• **TASK ITEM**
Pictures aside, repeat every entry exactly.

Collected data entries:
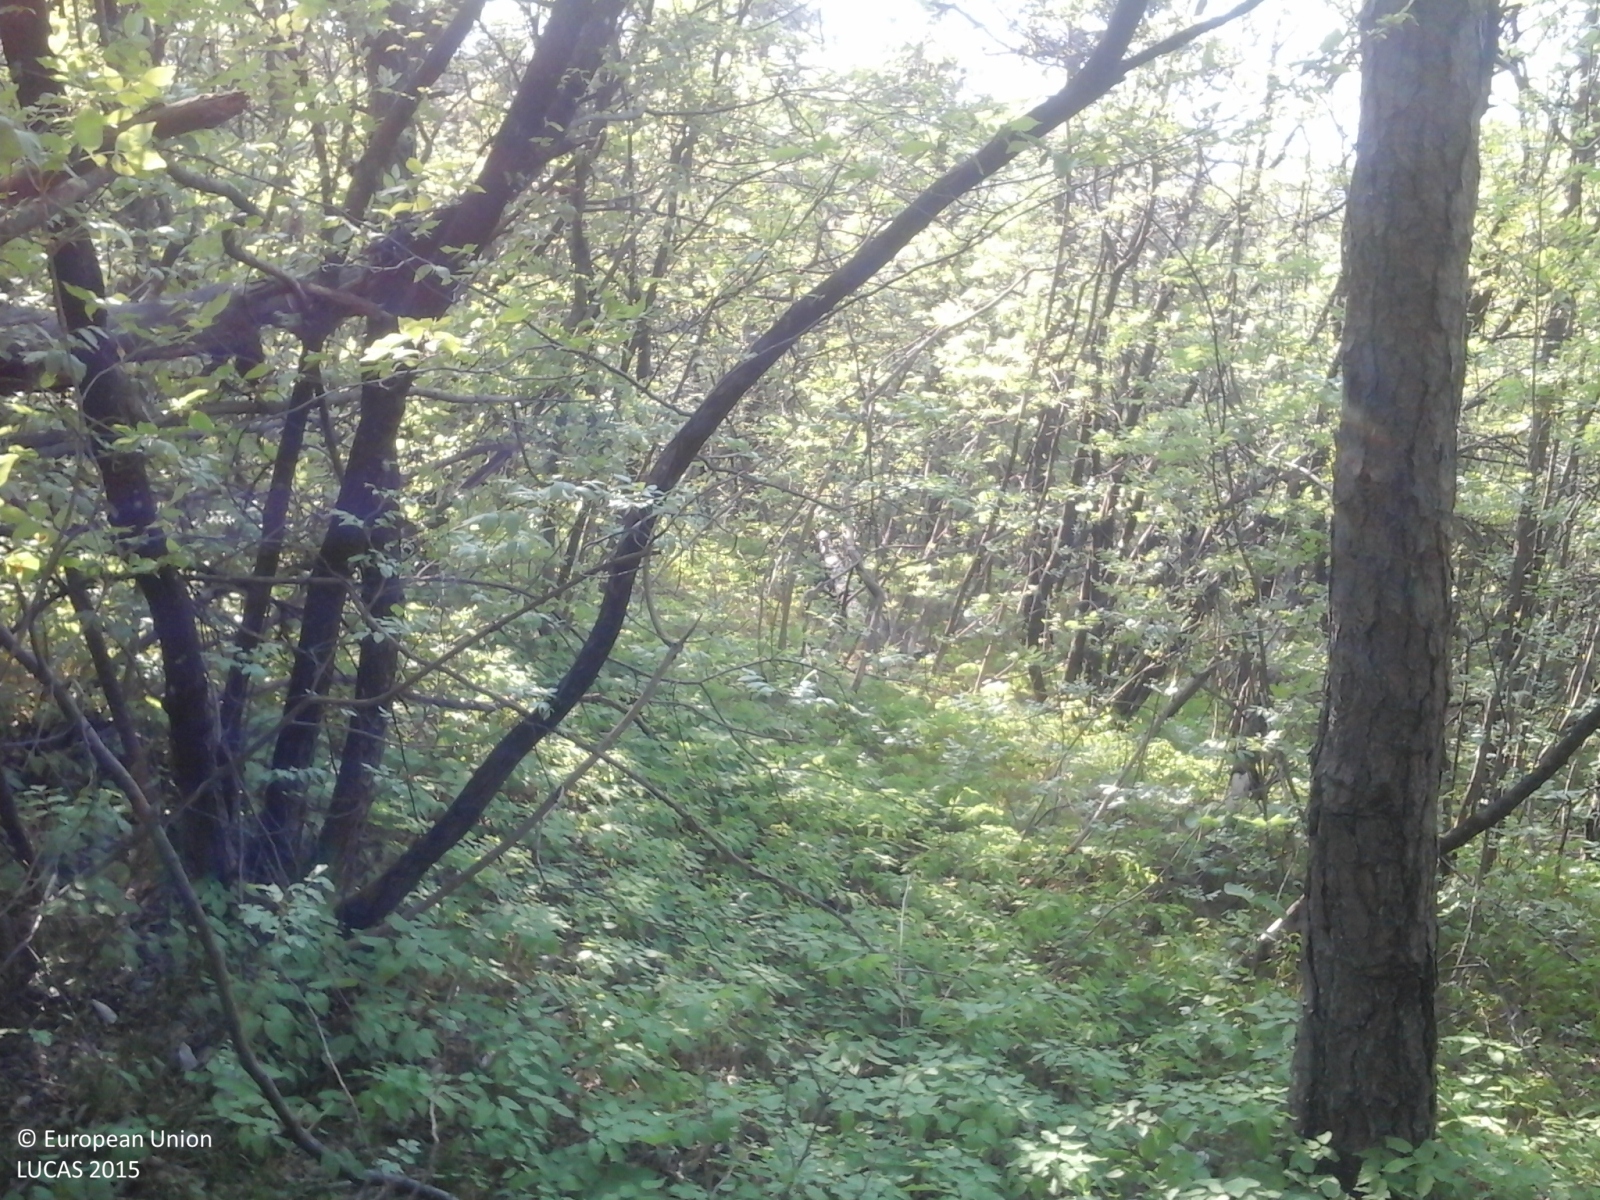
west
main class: Woodland
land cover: Broadleaved woodland
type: thermophilous deciduous forest
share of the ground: > 75 %
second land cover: Grassland without tree/shrub cover
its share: > 75 %
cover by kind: broadleaved forest trees 95 %, coniferous forest trees 5 %
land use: Forestry
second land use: Sport
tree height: > 5 m
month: April
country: IT
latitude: 46.1111
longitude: 11.1241
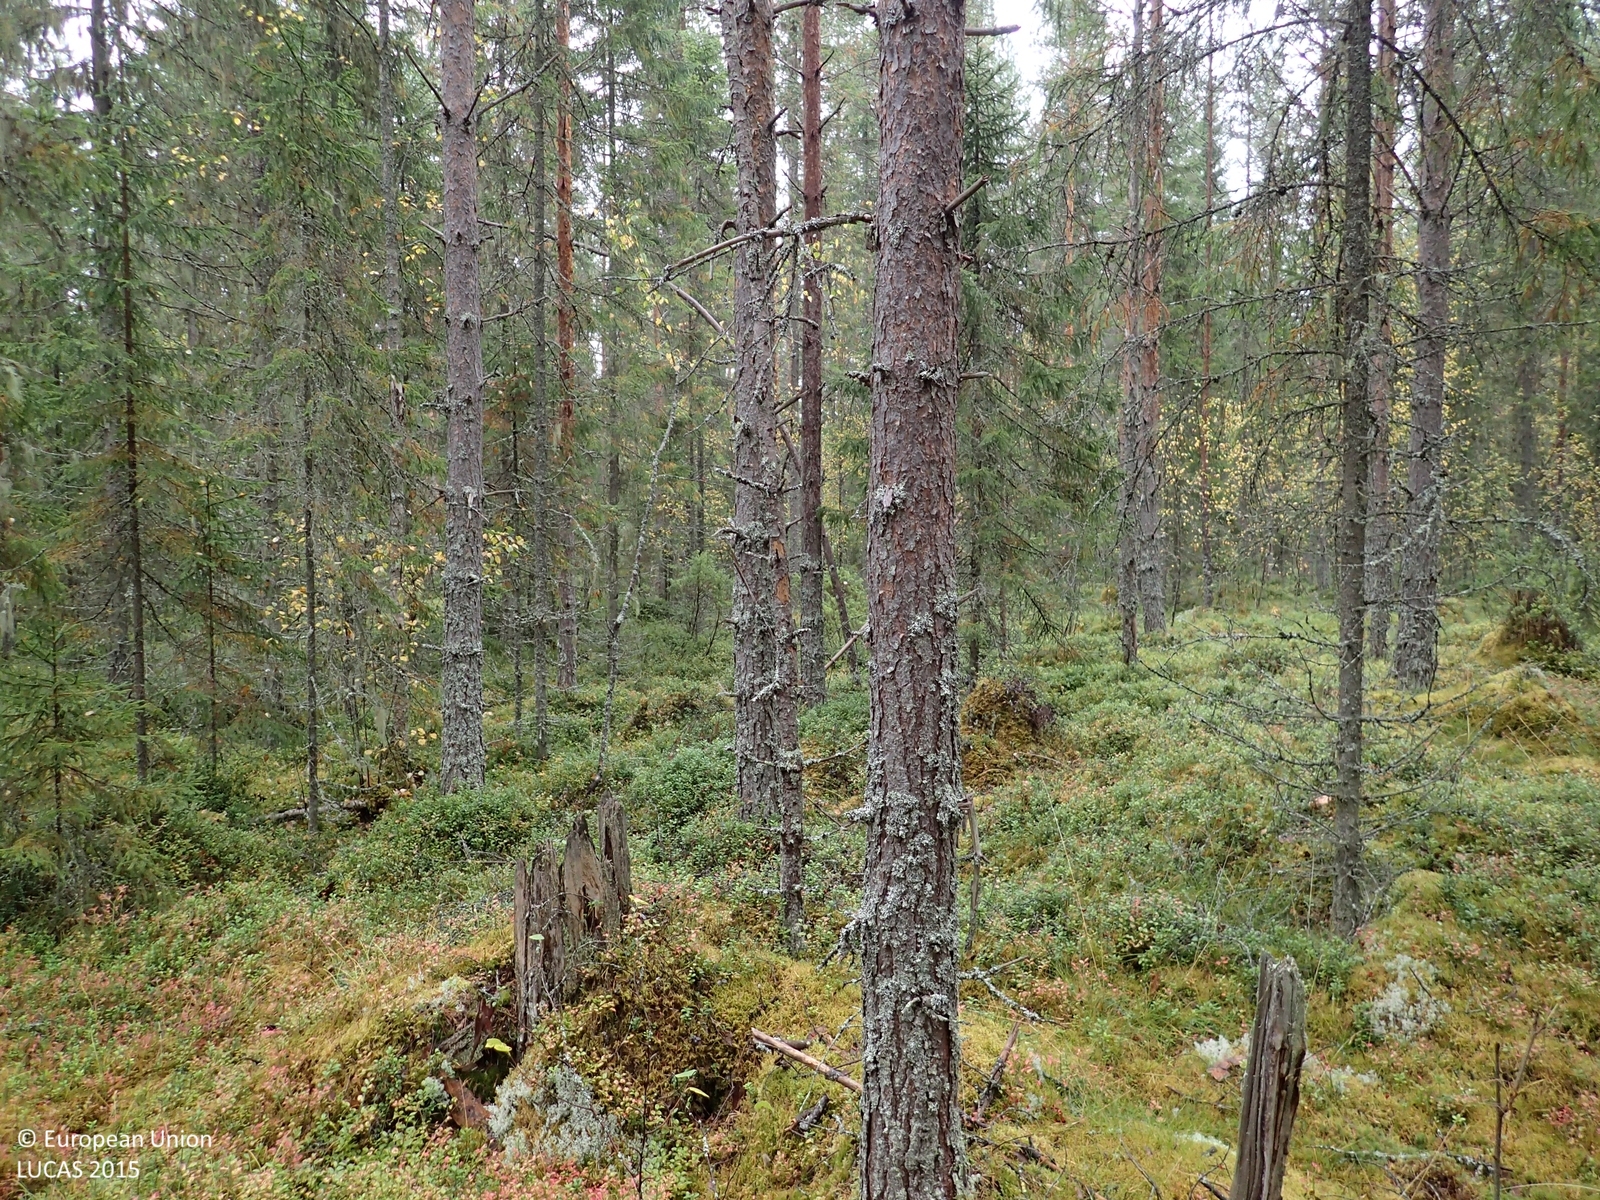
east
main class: Woodland
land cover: Other coniferous woodland
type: boreal forest
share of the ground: > 75 %
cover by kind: coniferous forest trees 70 %, shrubs 20 %, broadleaved forest trees 5 %, lichens and mosses 5 %
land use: Forestry
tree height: > 5 m
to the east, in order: Other coniferous woodland; Ditches and canals; Other coniferous woodland; Spruce dominated coniferous woodland
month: September
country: FI
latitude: 63.2616
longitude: 25.6670

• **SOLUTION FOR THIS TASK**
west
main class: Woodland
land cover: Broadleaved woodland
type: thermophilous deciduous forest
share of the ground: > 75 %
second land cover: Grassland without tree/shrub cover
its share: > 75 %
cover by kind: broadleaved forest trees 95 %, coniferous forest trees 5 %
land use: Forestry
second land use: Sport
tree height: > 5 m
month: April
country: IT
latitude: 46.1111
longitude: 11.1241
east
main class: Woodland
land cover: Other coniferous woodland
type: boreal forest
share of the ground: > 75 %
cover by kind: coniferous forest trees 70 %, shrubs 20 %, broadleaved forest trees 5 %, lichens and mosses 5 %
land use: Forestry
tree height: > 5 m
to the east, in order: Other coniferous woodland; Ditches and canals; Other coniferous woodland; Spruce dominated coniferous woodland
month: September
country: FI
latitude: 63.2616
longitude: 25.6670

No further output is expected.